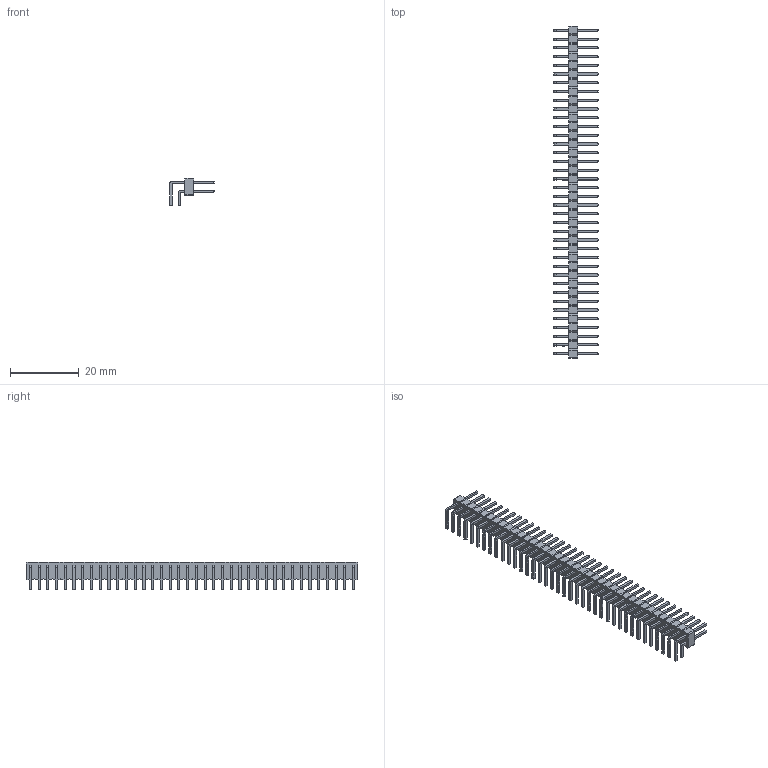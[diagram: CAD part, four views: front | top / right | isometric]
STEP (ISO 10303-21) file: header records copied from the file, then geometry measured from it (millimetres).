
FILE_DESCRIPTION(/* description */ ('model of PinHeader_2x38_P2.54mm_Horizontal'),/* implementation_level */ '2;1');
FILE_NAME(/* name */ 'PinHeader_2x38_P2.54mm_Horizontal.step',/* time_stamp */ '2017-12-02T03:17:34',/* author */ ('kicad StepUp','ksu'),/* organization */ ('FreeCAD'),/* preprocessor_version */ 'OCC',/* originating_system */ 'kicad StepUp',/* authorisation */ '');
FILE_SCHEMA(('AUTOMOTIVE_DESIGN_CC2 { 1 2 10303 214 -1 1 5 4 }'));
Length unit declared in the file: millimetre
Products named in the file (1): PinHeader_2x38_P254mm_Horizontal
Bounding box: 12.9 x 96.52 x 8.08 mm (x, y, z)
Volume: 1670 mm3; surface area: 4239.5 mm2
Topology: 1 solids, 1 shells, 1828 faces, 4414 edges, 2740 vertices
Faces by surface type: plane 1752, cylinder 76
Entity records: 64275 total; most frequent: CARTESIAN_POINT 8983, ORIENTED_EDGE 8828, DIRECTION 8224, EDGE_CURVE 4414, LINE 4262, VECTOR 4262, VERTEX_POINT 2740, AXIS2_PLACEMENT_3D 1981
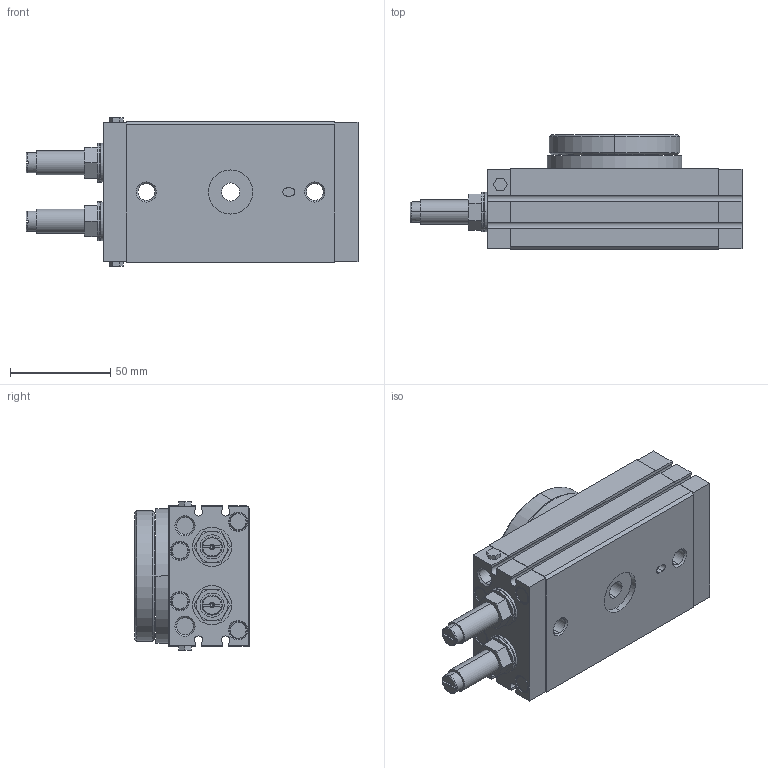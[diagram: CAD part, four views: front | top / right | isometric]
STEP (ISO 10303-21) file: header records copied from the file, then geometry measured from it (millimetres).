
FILE_DESCRIPTION (( 'STEP AP214' ), '1' );
FILE_NAME ('J30MD-MA.step', '2017-07-18T19:55:21', ( '' ), ( '' ), 'SwSTEP 2.0', 'SolidWorks 2017', '' );
FILE_SCHEMA (( 'AUTOMOTIVE_DESIGN' ));
Length unit declared in the file: millimetre
Products named in the file (4): J30MD-MA_M5_91290A221; J30MD-MA_table; J30MD-MA_body2; J30MD-MA
Assembly tree (8 placements, depth 2):
  J30MD-MA
    J30MD-MA_body2
    J30MD-MA_table
    J30MD-MA_M5_91290A221  x6
Bounding box: 165.5 x 57 x 74 mm (x, y, z)
Volume: 390060.9 mm3; surface area: 64905.7 mm2
Topology: 8 solids, 8 shells, 721 faces, 1777 edges, 1124 vertices
Faces by surface type: cylinder 326, plane 197, cone 168, torus 18, bspline 12
Entity records: 13723 total; most frequent: CARTESIAN_POINT 3386, DIRECTION 2155, ORIENTED_EDGE 2036, EDGE_CURVE 1018, AXIS2_PLACEMENT_3D 824, VERTEX_POINT 649, LINE 507, VECTOR 507
- - - -
Give back an exact reproduction of the entries, with all pictures excluded.

[diagram: CAD part, four views: front | top / right | isometric]
STEP (ISO 10303-21) file: header records copied from the file, then geometry measured from it (millimetres).
FILE_DESCRIPTION(/* description */ ('model of PinHeader_2x38_P2.54mm_Horizontal'),/* implementation_level */ '2;1');
FILE_NAME(/* name */ 'PinHeader_2x38_P2.54mm_Horizontal.step',/* time_stamp */ '2017-12-02T03:17:34',/* author */ ('kicad StepUp','ksu'),/* organization */ ('FreeCAD'),/* preprocessor_version */ 'OCC',/* originating_system */ 'kicad StepUp',/* authorisation */ '');
FILE_SCHEMA(('AUTOMOTIVE_DESIGN_CC2 { 1 2 10303 214 -1 1 5 4 }'));
Length unit declared in the file: millimetre
Products named in the file (1): PinHeader_2x38_P254mm_Horizontal
Bounding box: 12.9 x 96.52 x 8.08 mm (x, y, z)
Volume: 1670 mm3; surface area: 4239.5 mm2
Topology: 1 solids, 1 shells, 1828 faces, 4414 edges, 2740 vertices
Faces by surface type: plane 1752, cylinder 76
Entity records: 64275 total; most frequent: CARTESIAN_POINT 8983, ORIENTED_EDGE 8828, DIRECTION 8224, EDGE_CURVE 4414, LINE 4262, VECTOR 4262, VERTEX_POINT 2740, AXIS2_PLACEMENT_3D 1981
[diagram: CAD part, four views: front | top / right | isometric]
STEP (ISO 10303-21) file: header records copied from the file, then geometry measured from it (millimetres).
FILE_DESCRIPTION (( 'STEP AP214' ), '1' );
FILE_NAME ('J30MD-MA.step', '2017-07-18T19:55:21', ( '' ), ( '' ), 'SwSTEP 2.0', 'SolidWorks 2017', '' );
FILE_SCHEMA (( 'AUTOMOTIVE_DESIGN' ));
Length unit declared in the file: millimetre
Products named in the file (4): J30MD-MA_M5_91290A221; J30MD-MA_table; J30MD-MA_body2; J30MD-MA
Assembly tree (8 placements, depth 2):
  J30MD-MA
    J30MD-MA_body2
    J30MD-MA_table
    J30MD-MA_M5_91290A221  x6
Bounding box: 165.5 x 57 x 74 mm (x, y, z)
Volume: 390060.9 mm3; surface area: 64905.7 mm2
Topology: 8 solids, 8 shells, 721 faces, 1777 edges, 1124 vertices
Faces by surface type: cylinder 326, plane 197, cone 168, torus 18, bspline 12
Entity records: 13723 total; most frequent: CARTESIAN_POINT 3386, DIRECTION 2155, ORIENTED_EDGE 2036, EDGE_CURVE 1018, AXIS2_PLACEMENT_3D 824, VERTEX_POINT 649, LINE 507, VECTOR 507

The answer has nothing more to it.